Ploidy and sensitivity
Core to how this tool works is the ploidy level you set. This defines the statistical model that will be used during the variant detection analysis and thereby also defines what will be reported. When you set up a Fixed Ploidy Variant Detection, you provide a ploidy and you also provide a variant probability. The variant probability parameter defines how good the evidence has to be at a particular site for the tool to report a variant at that location. If the site passes this threshold, (note that it's 'the site' and not 'the variant' here), then the variant with the highest probability at that site will be reported. That is, at a given location, you get one variant reported. The number of alleles that variant may have depends on the value that has been chosen for the ploidy parameter. For example, if you chose a ploidy of 2, then the variant at a site could be a homozygote (two alleles the same in the sample, but different to the reference), or a heterozygote (two alleles different than each other in the sample, with at least one of them different from the reference).
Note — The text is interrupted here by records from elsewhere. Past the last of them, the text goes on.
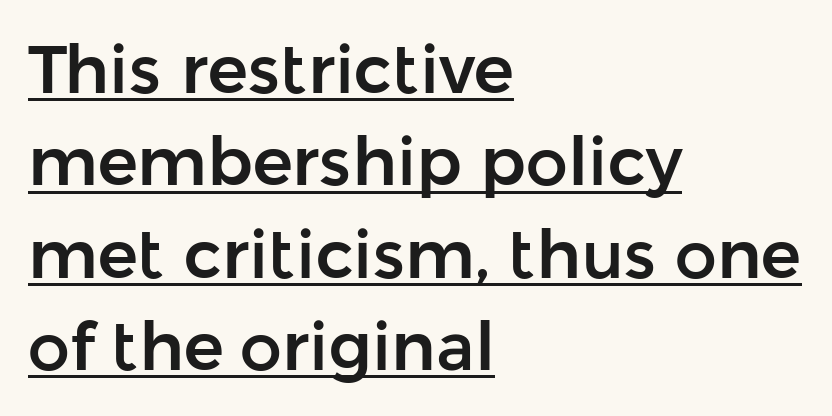
Is the block centered? No — it sits flush against the left margin. Typographically, this falls in the sans-serif category. The space between consecutive lines is moderate. The glyphs are accompanied by a horizontal stroke just below them. Do the characters align in a grid? No, the font is proportional. Nothing unusual about the tracking: characters are spaced as the font intends.
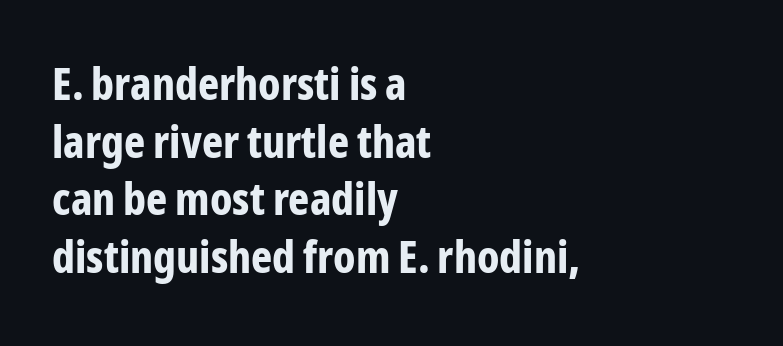
The image shows 45 px bold, condensed sans-serif type, upright; set left-aligned, normal line spacing (1.28x), normal letter spacing, not underlined; low stroke contrast and a medium x-height.
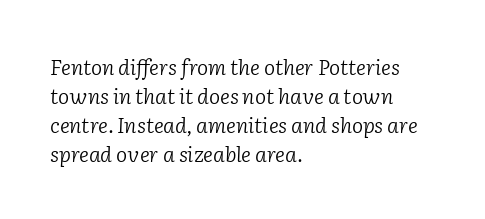
{"italic": "yes", "lean": "right", "slant_degrees": 2, "bold": "no", "underline": "no", "align": "left", "line_spacing": "normal", "line_spacing_ratio": 1.38, "letter_spacing": "normal", "letter_spacing_em": 0.0, "glyph_px": 21}
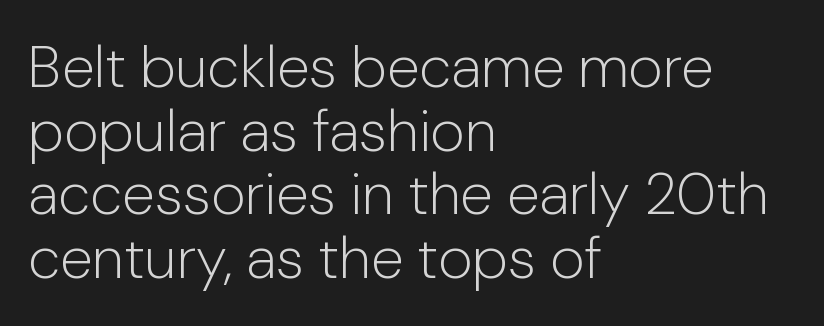
The image shows 59 px light sans-serif type, upright; set left-aligned, tight line spacing (1.08x), normal letter spacing, not underlined; low stroke contrast and a medium x-height.
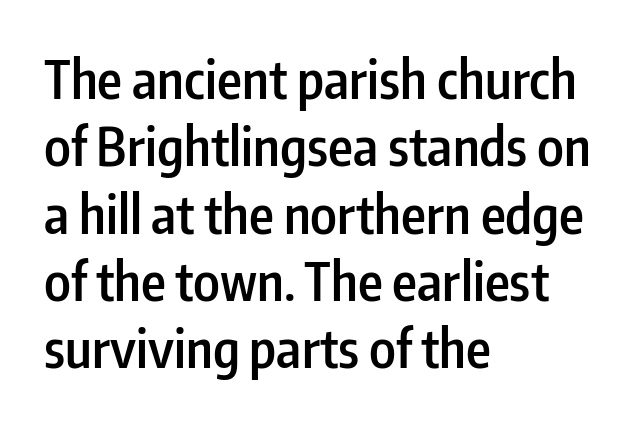
Q: Is the text bold? A: Semi-bold.
Q: Is the text italic (slanted)? A: No, it is upright.
Q: Is the typeface a serif or a sans-serif typeface? A: Sans-serif.
Q: Is the text underlined? A: No.
Q: How is the paragraph aligned? A: Left-aligned.
Q: Is the spacing between letters normal or unusually wide? A: Normal.
Q: Is the spacing between lines tight, normal or loose? A: Normal.
Q: Width (condensed, normal, or wide)? A: Condensed.
Q: Stroke contrast? A: Low.
Q: x-height? A: Medium.
Q: Monospaced? A: No.

If you had chosen a ploidy of three, then the variant at a site could be a homozygote (three alleles the same in the sample, but different to the reference), or a heterozygote (three alleles different than each other in the sample, with at least one of them different from the reference).
So how sensitive this tool is, in terms of what it detects and reports to you, will be down to:
- The statistical model. Here the ploidy you set is crucial to the model and what will be detected.
- The variant probability setting. This affects which locations will be reported.
So, to increase sensitivity, you could decrease the variant probability setting or increase the ploidy. The increased sensitivity due to decreasing the variant probability setting is due to more sites being reported on. This could decrease false negatives, but it could also increase your reporting of false positives.
The increased sensitivity you would get by increasing the ploidy level is down to the extra allele types that will be included in the model and thus reported to you in the results. For example, let's say you set a ploidy of 2 and at a particular location, where the evidence that the position was different than the reference was high enough, the reference was a T. The variant with the highest probability at this location will be reported. Let's say that it was a homozygote with C at that position. So that's C|C. However, let's say that in fact, there are some Gs reported at that site in some reads. In the diploid model, all the possibilities will have been tested (e.g. A|A, A|C....C|C, C|G. C|T....and so on). However, in this example, C|C had the highest probability, so it is reported. It doesn't really matter how much deeper the mapping is at that location if the relative prevalence of Gs is low compared to Cs. (That is, the probability of C|C will stay higher than C|G if there were relatively few Gs at this site, so C|C would be reported as long as this stayed the case.) Let's say that you chose a ploidy of 3 instead. Now the model will test all the triploid possibilities (e.g. A|A|A, A|A|C, A|A|G.....C|C|A, C|C|C, C|C|G.... and so on). Now, for the same site, say that the evidence in the reads resulted in the variant C|C|G having a higher probability than C|C|C, then it would be the variant reported. So in this way, you have increased the sensitivity. i.e you have reported a variant that represents the evidence of the reads with G at that position as well as the ones reporting a C at that position.